Introduction to the Conflict
Under normal circumstances, moderating inflation and a weakening labor market would make an easy case for interest rate cuts. However, these aren’t normal times, and a scattering of headwinds on the horizon have made Federal Reserve officials leery of easing monetary policy for fear that the inflation fight isn’t over. This sentiment is setting up an intensifying conflict between the White House and the central bank that could result in President Donald Trump taking the unusual step of naming a “shadow” chair whose responsibility it would be to watch over the Fed and Chair Jerome Powell until a permanent chief can be installed next year.

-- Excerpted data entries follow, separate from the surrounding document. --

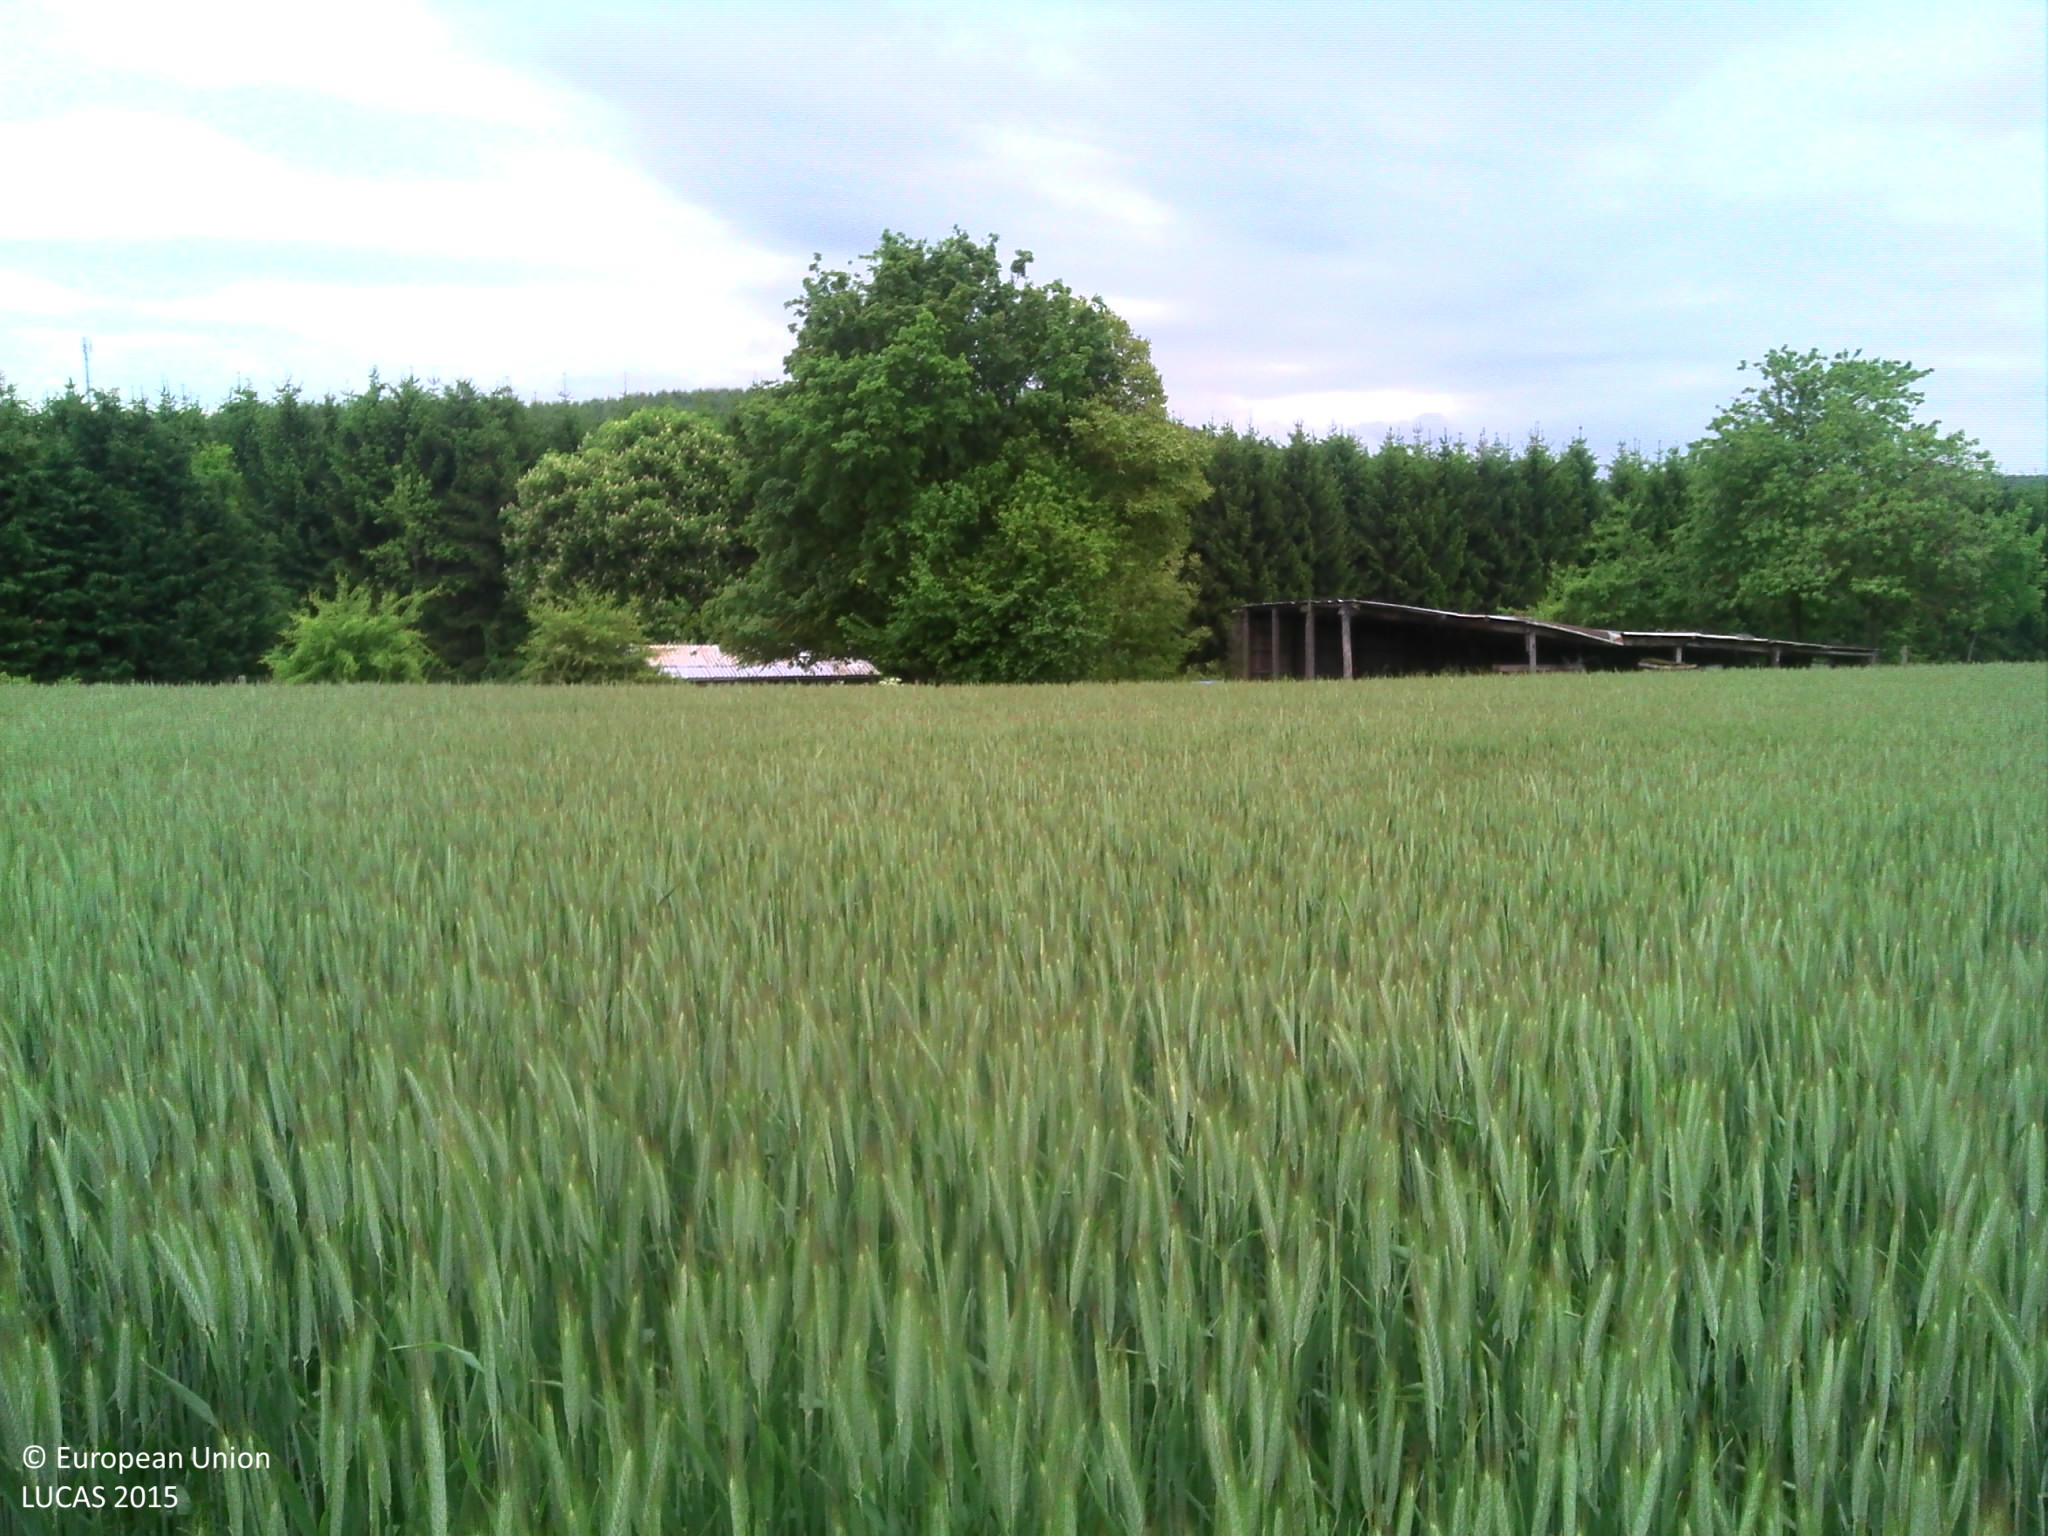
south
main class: Cropland
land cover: Triticale
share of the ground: > 75 %
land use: Agriculture (excluding fallow land and kitchen gardens)
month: May
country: BE
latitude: 50.1575
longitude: 5.2528
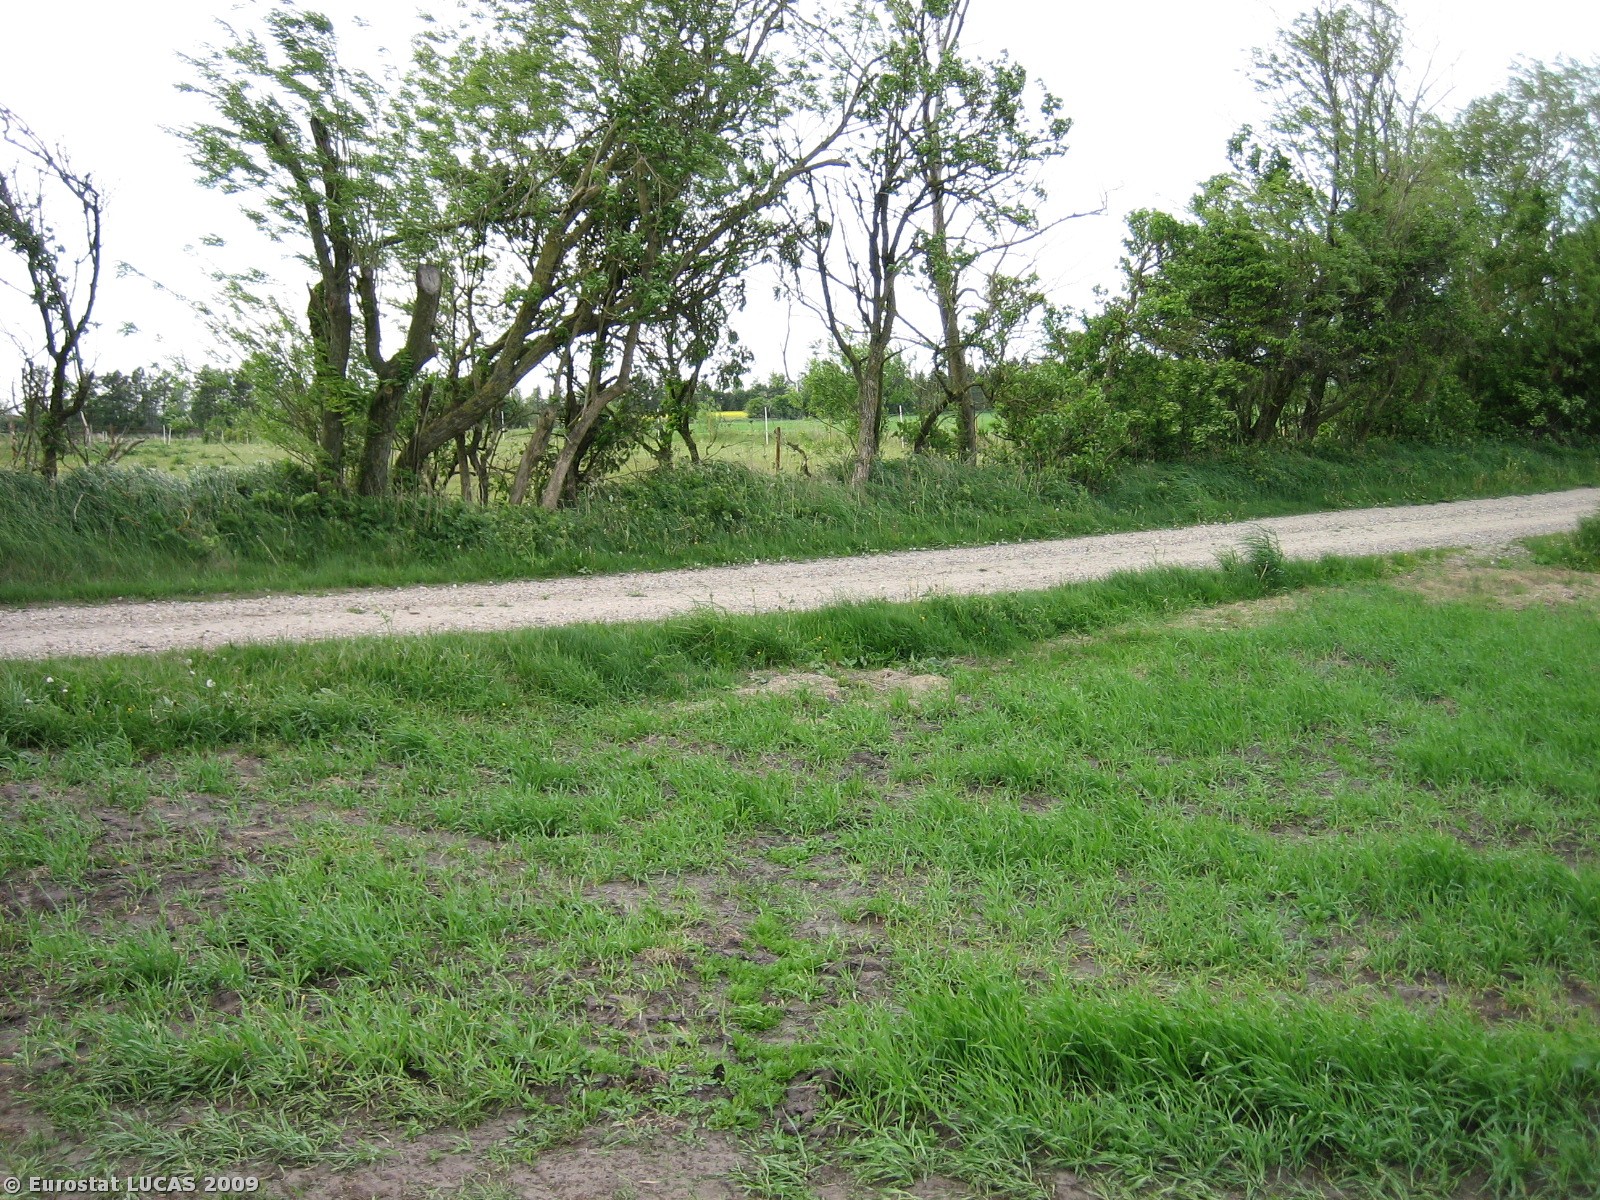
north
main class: Cropland
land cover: Barley
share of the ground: > 75 %
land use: Agriculture (excluding fallow land and kitchen gardens)
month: May
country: DK
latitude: 56.0872
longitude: 8.3465
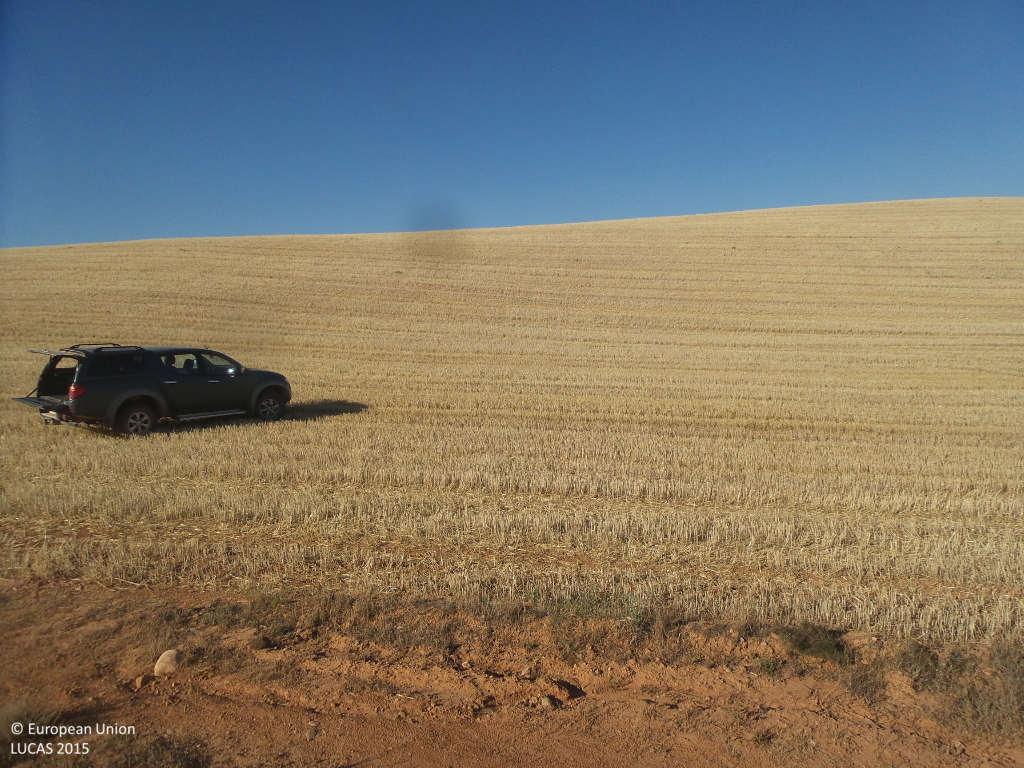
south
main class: Shrubland
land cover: Shrubland without tree cover
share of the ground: 25 - 50 %
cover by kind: unconsolidated bare surface 50 %, shrubs 40 %, herbaceous plants 10 %
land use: Semi-natural and natural areas not in use
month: July
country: ES
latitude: 41.4031
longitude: -2.1962

The Concept of a "Shadow Chair"
There is “fresh buzz” around the idea that Trump could announce his choice to succeed Powell soon, “as a shadow Fed chair in the interim,” until the central bank chief’s term ends. The idea would be to accelerate the timeframe over which the administration can put its stamp on the Fed and influence rates markets while avoiding the nuclear option of trying to fire Powell. However, the practicality of such a move is sketchy, with no imminent vacancies on the Fed’s board of governors and the impact of such a “shadow chair” likely being minimal.
Impact on Monetary Policy
The stakes were raised following a comparatively benign inflation report showing prices up just 0.1% in May, and after Vice President JD Vance joined Trump in urging the Fed to cut rates. The candidate list for chair seems to have been narrowed, and Trump noted that he expects to make his preference public soon. The list of apparent finalists includes former Fed Governor Kevin Warsh, current Governor Christopher Waller, Treasury Secretary Scott Bessent, and National Economic Council Director Kevin Hassett.
Evaluating the Candidates
Each candidate has assets and liabilities, but the most important quality could be a tilt towards sharply lower rates, with an aggressive timetable. Billionaire investor Paul Tudor Jones said during a Bloomberg News interview that he thinks Trump’s going to pick someone who’s going to be uber-dovish. Powell has been reluctant to push for cuts until the longer-term effects of Trump’s tariffs can be better gauged. As Jones sees it, Trump has no other choice than to swing away from the moderate-to-hawkish Powell with the U.S. in a “debt trap” that eventually will cause a market revolt.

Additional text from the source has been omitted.